Commonwealth Heritage List
- Official name: Sutherland Dock
- Type: Listed place (Historic)
- Designated: 22 June 2004
- Reference no.: 105260

= Sutherland Dock =

Sutherland Dock is a heritage-listed dockyard at the former Cockatoo Island Dockyard, Cockatoo Island, New South Wales, Australia. It was added to the Australian Commonwealth Heritage List on 22 June 2004.

== History ==
Cockatoo Island became a gaol in 1839, following advice from New South Wales Governor George Gipps to the British Secretary of State for the Colonies that convicts would be sent to the island after the closure of the Norfolk Island convict establishment. The convict precinct was built over a number of years. Quarrying of silos was one of the early convict tasks. To service Royal Navy ships, Fitzroy Dock was completed in 1857. Cockatoo became the major government dockyard in Australia.

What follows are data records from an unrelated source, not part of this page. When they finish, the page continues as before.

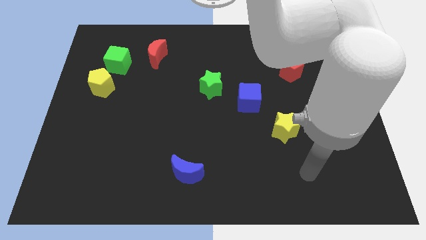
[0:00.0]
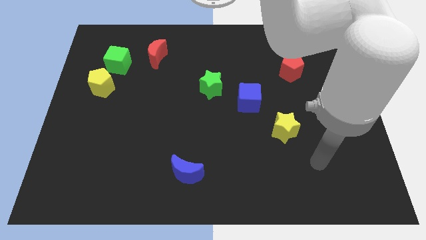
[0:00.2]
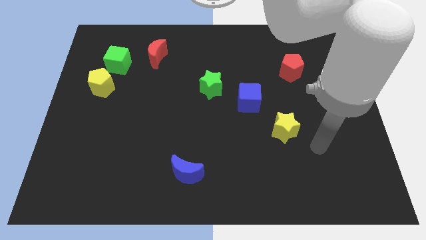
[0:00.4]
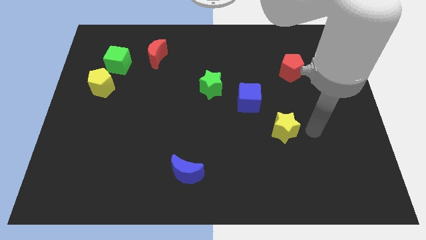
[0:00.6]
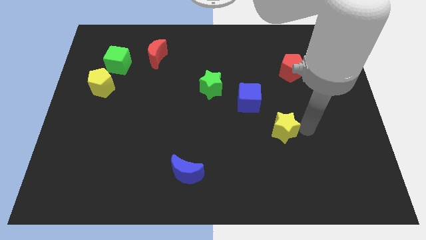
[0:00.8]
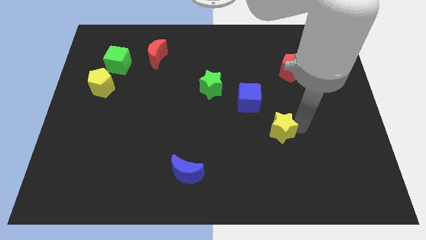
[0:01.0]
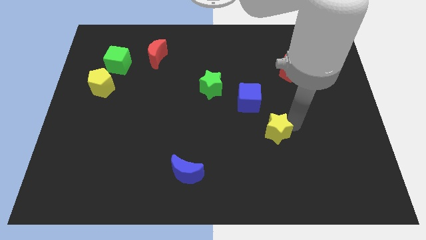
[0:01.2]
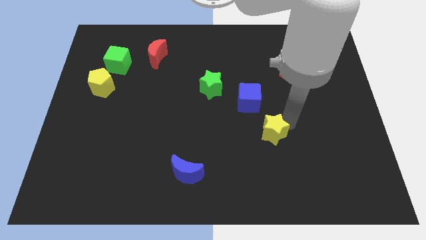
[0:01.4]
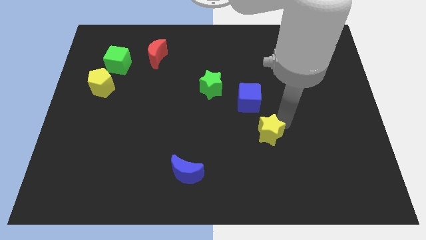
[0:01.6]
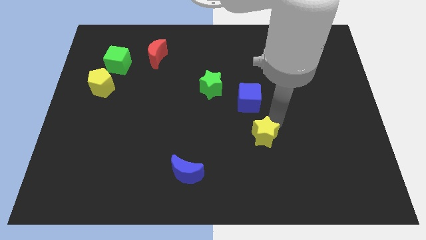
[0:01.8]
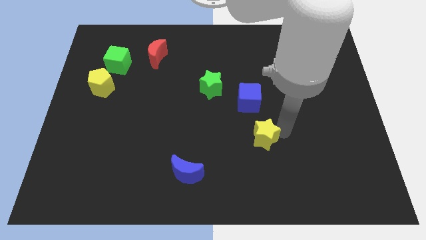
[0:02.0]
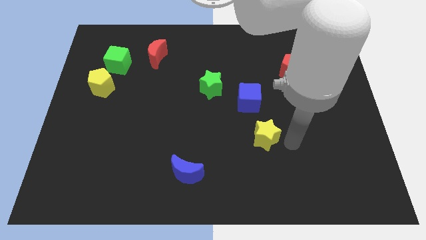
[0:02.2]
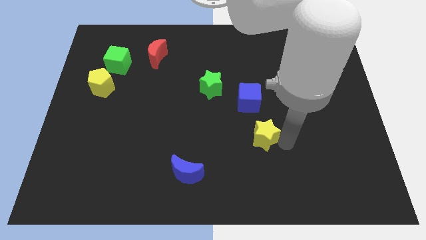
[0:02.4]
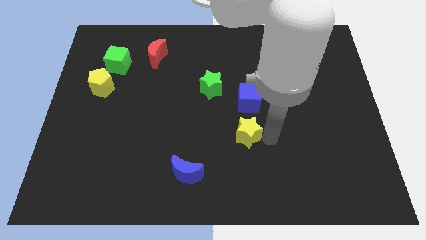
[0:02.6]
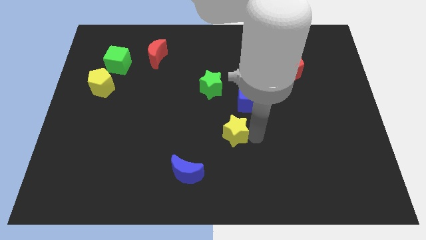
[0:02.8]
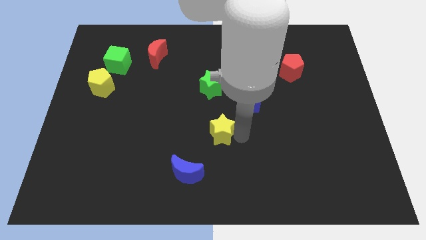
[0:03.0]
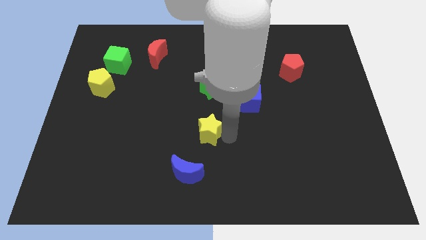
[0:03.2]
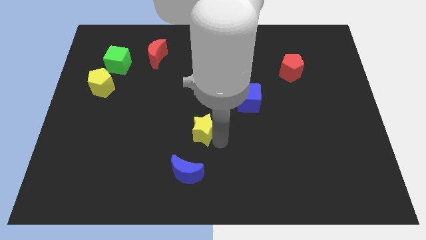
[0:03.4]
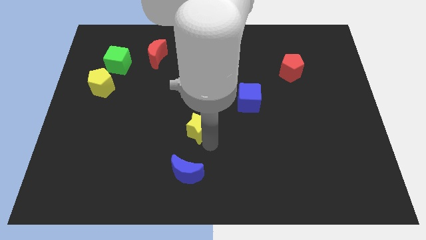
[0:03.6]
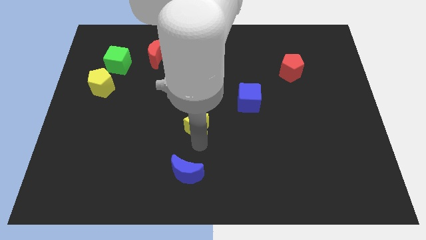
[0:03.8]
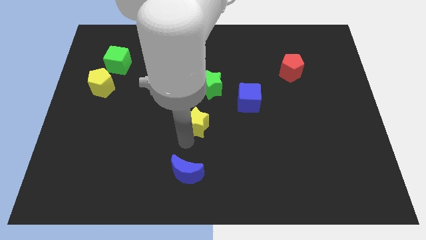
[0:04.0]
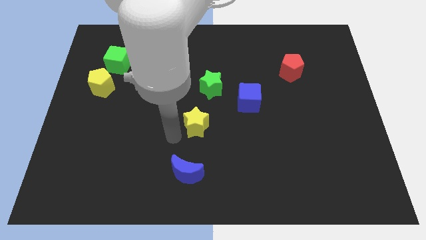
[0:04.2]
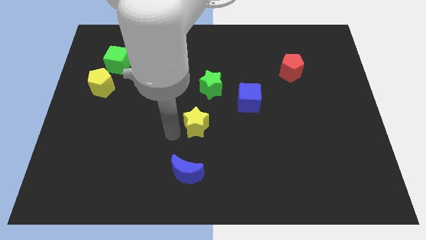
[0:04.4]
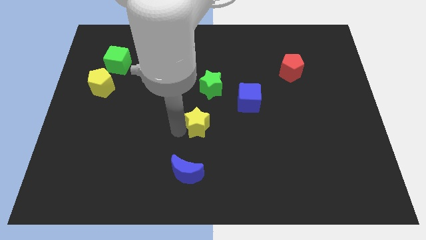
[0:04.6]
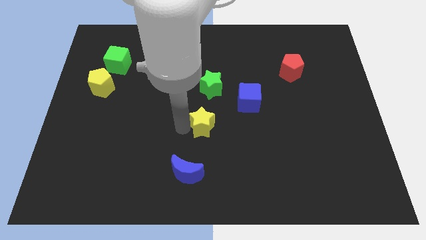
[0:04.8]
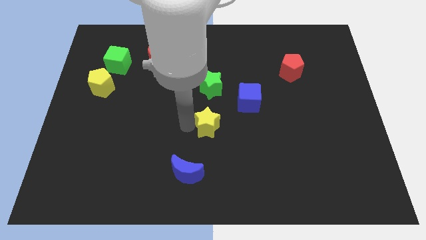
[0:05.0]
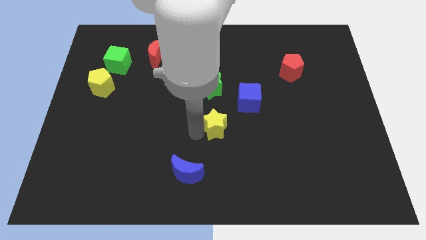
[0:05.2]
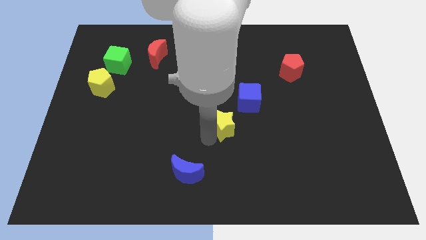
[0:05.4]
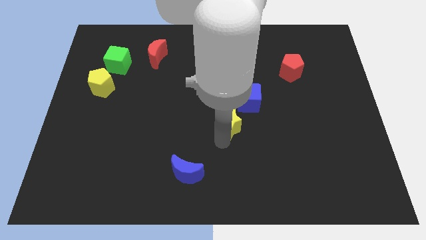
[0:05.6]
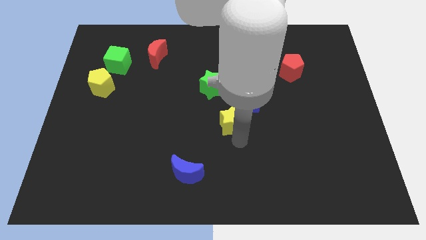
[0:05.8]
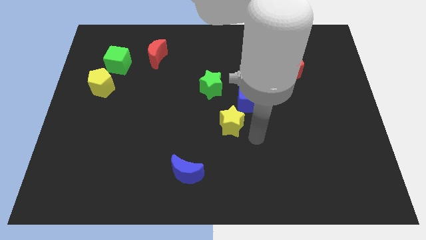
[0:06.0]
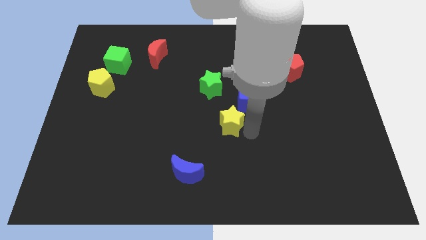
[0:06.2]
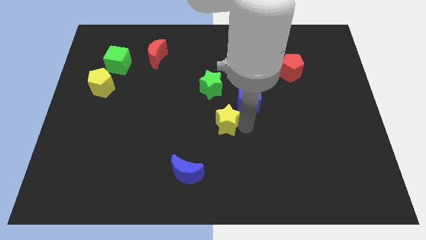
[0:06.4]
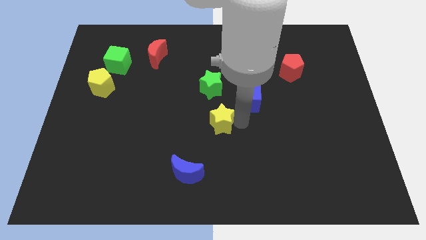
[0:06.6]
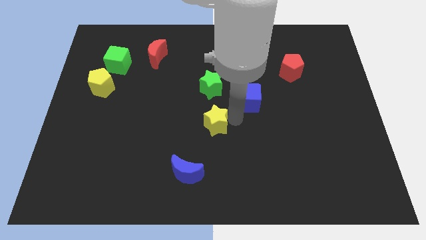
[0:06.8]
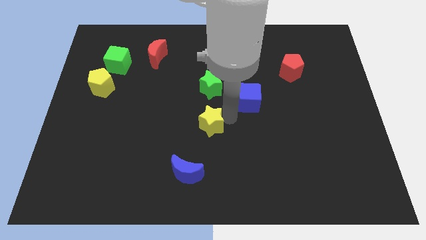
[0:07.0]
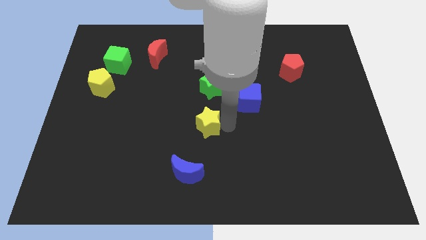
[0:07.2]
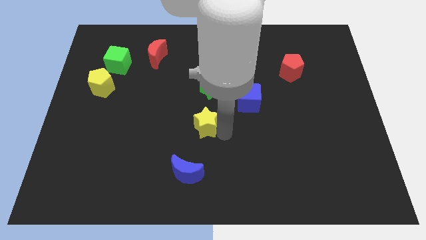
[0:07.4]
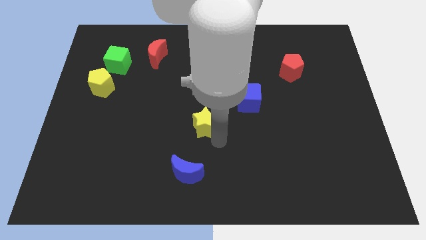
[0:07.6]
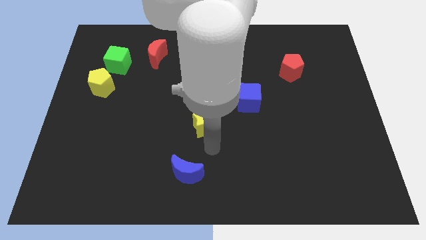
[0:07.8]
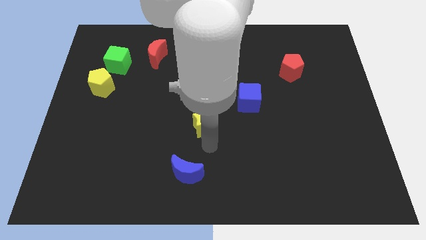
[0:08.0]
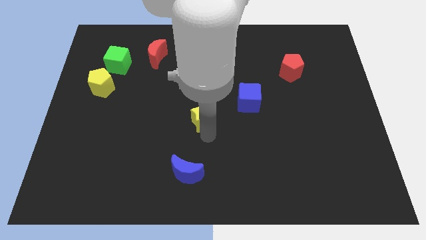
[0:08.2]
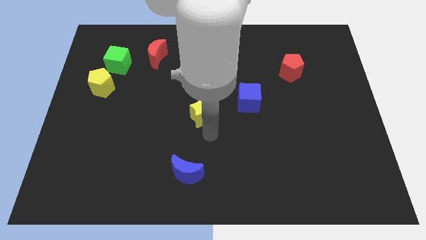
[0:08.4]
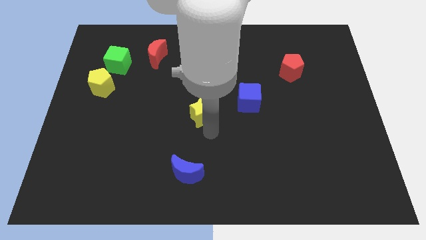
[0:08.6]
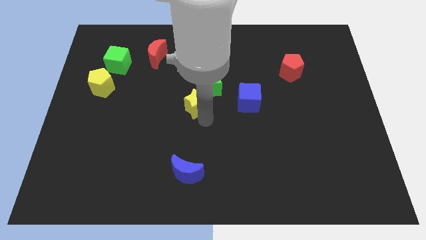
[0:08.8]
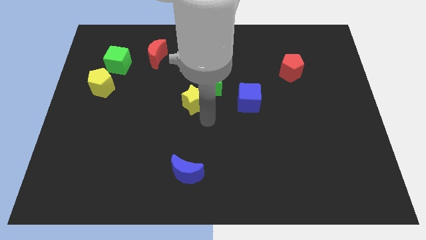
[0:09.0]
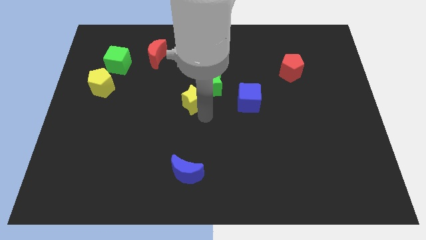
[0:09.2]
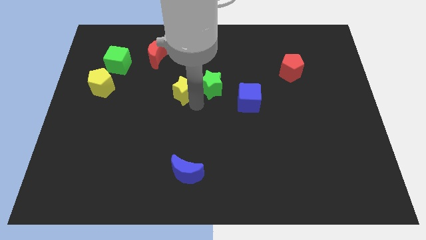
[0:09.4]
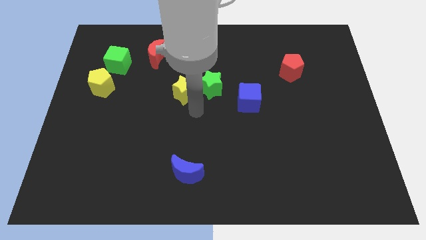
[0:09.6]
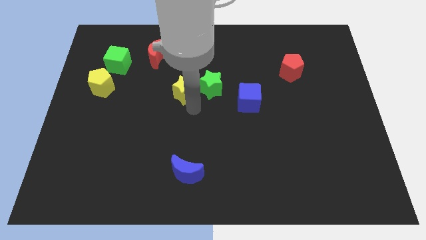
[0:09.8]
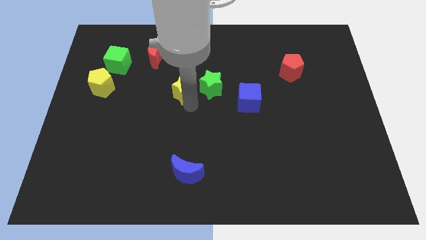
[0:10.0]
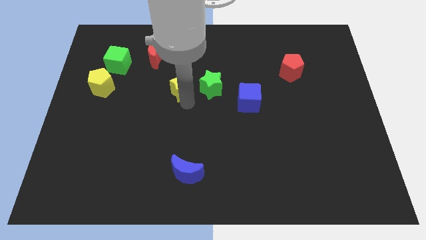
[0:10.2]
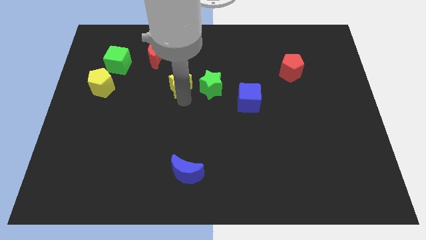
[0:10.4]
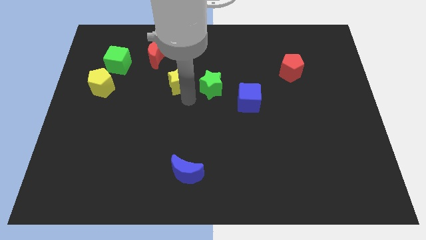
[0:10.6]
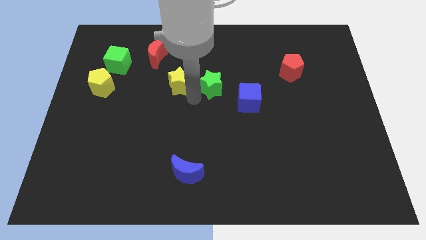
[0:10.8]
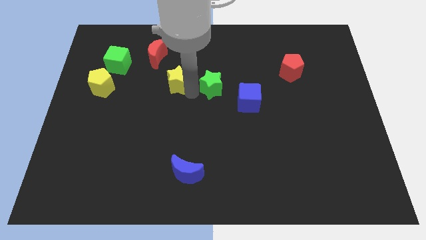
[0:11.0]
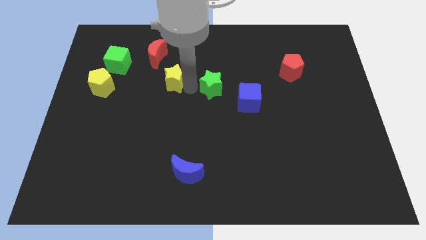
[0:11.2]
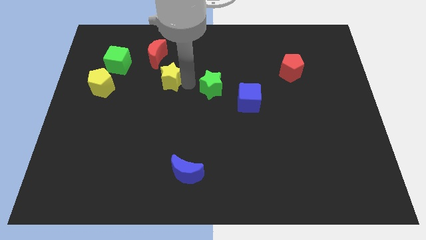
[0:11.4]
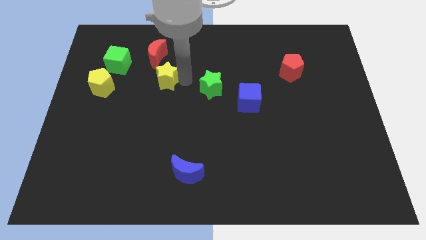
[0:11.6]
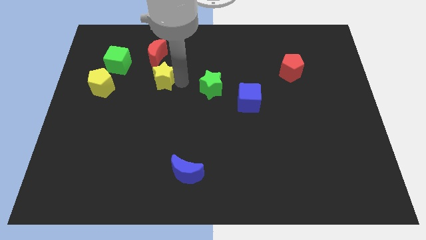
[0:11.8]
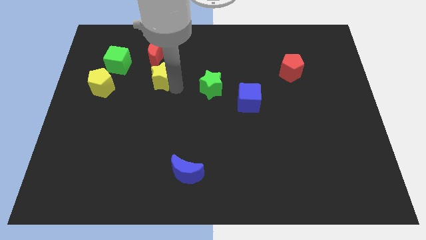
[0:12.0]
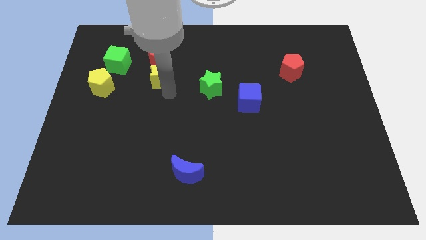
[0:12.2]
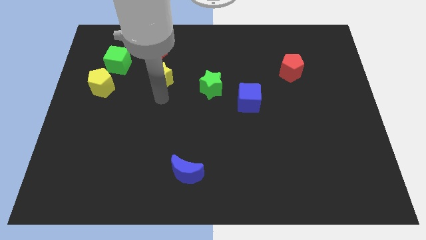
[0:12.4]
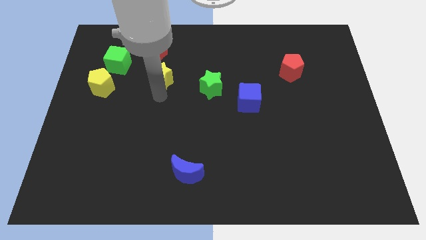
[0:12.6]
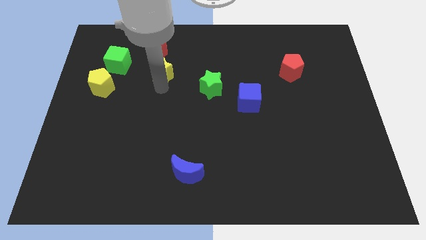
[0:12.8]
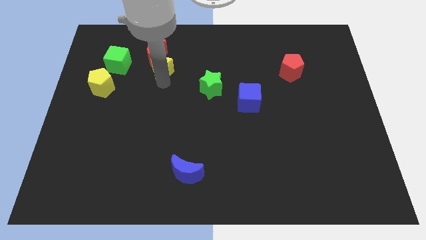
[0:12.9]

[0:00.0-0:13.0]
push the yellow star towards the red moon

In 1869 prisoners were transferred from the island to Darlinghurst, and the prison buildings became an industrial school for girls and a reformatory in 1871. The dockyard area was now separated from the institutional area on the top of the island by a fence. Following the departure of the females in 1888, prisoners were again sent to the island, and the gaol function continued until about 1909. Meanwhile, the dockyard function expanded, and the Sutherland Dock was built in 1890. The New South Wales Public Works Department declared Cockatoo Island the state dockyard.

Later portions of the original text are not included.